Data excerpts >>
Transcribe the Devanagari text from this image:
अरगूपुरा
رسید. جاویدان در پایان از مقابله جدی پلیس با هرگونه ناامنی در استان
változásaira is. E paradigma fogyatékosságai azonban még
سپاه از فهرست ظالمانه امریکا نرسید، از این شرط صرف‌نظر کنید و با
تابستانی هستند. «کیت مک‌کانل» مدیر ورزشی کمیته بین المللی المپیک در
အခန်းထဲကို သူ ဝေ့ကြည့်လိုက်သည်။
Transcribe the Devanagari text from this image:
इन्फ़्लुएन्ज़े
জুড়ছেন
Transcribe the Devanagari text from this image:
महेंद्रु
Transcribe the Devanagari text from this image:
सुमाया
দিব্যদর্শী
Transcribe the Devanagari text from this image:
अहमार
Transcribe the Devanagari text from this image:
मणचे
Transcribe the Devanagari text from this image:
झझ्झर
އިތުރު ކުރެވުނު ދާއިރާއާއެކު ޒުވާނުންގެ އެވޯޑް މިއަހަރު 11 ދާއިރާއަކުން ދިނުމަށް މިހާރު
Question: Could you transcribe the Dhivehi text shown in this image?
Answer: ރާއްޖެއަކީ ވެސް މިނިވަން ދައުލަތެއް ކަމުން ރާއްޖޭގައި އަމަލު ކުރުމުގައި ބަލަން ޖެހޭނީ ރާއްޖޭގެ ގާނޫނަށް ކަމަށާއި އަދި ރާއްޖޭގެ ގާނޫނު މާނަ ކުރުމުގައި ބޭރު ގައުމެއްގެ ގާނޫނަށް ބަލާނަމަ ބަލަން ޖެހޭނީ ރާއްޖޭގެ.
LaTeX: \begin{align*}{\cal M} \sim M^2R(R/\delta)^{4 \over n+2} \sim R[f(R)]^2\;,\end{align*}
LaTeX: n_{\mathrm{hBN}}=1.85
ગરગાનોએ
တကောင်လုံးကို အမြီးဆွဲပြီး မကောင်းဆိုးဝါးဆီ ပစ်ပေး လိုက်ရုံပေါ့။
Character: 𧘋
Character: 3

The problem >> Please give the listing above once more, word for word.

Task solution >>
Transcribe the Devanagari text from this image:
अरगूपुरा
رسید. جاویدان در پایان از مقابله جدی پلیس با هرگونه ناامنی در استان
változásaira is. E paradigma fogyatékosságai azonban még
سپاه از فهرست ظالمانه امریکا نرسید، از این شرط صرف‌نظر کنید و با
تابستانی هستند. «کیت مک‌کانل» مدیر ورزشی کمیته بین المللی المپیک در
အခန်းထဲကို သူ ဝေ့ကြည့်လိုက်သည်။
Transcribe the Devanagari text from this image:
इन्फ़्लुएन्ज़े
জুড়ছেন
Transcribe the Devanagari text from this image:
महेंद्रु
Transcribe the Devanagari text from this image:
सुमाया
দিব্যদর্শী
Transcribe the Devanagari text from this image:
अहमार
Transcribe the Devanagari text from this image:
मणचे
Transcribe the Devanagari text from this image:
झझ्झर
އިތުރު ކުރެވުނު ދާއިރާއާއެކު ޒުވާނުންގެ އެވޯޑް މިއަހަރު 11 ދާއިރާއަކުން ދިނުމަށް މިހާރު
Question: Could you transcribe the Dhivehi text shown in this image?
Answer: ރާއްޖެއަކީ ވެސް މިނިވަން ދައުލަތެއް ކަމުން ރާއްޖޭގައި އަމަލު ކުރުމުގައި ބަލަން ޖެހޭނީ ރާއްޖޭގެ ގާނޫނަށް ކަމަށާއި އަދި ރާއްޖޭގެ ގާނޫނު މާނަ ކުރުމުގައި ބޭރު ގައުމެއްގެ ގާނޫނަށް ބަލާނަމަ ބަލަން ޖެހޭނީ ރާއްޖޭގެ.
LaTeX: \begin{align*}{\cal M} \sim M^2R(R/\delta)^{4 \over n+2} \sim R[f(R)]^2\;,\end{align*}
LaTeX: n_{\mathrm{hBN}}=1.85
ગરગાનોએ
တကောင်လုံးကို အမြီးဆွဲပြီး မကောင်းဆိုးဝါးဆီ ပစ်ပေး လိုက်ရုံပေါ့။
Character: 𧘋
Character: 3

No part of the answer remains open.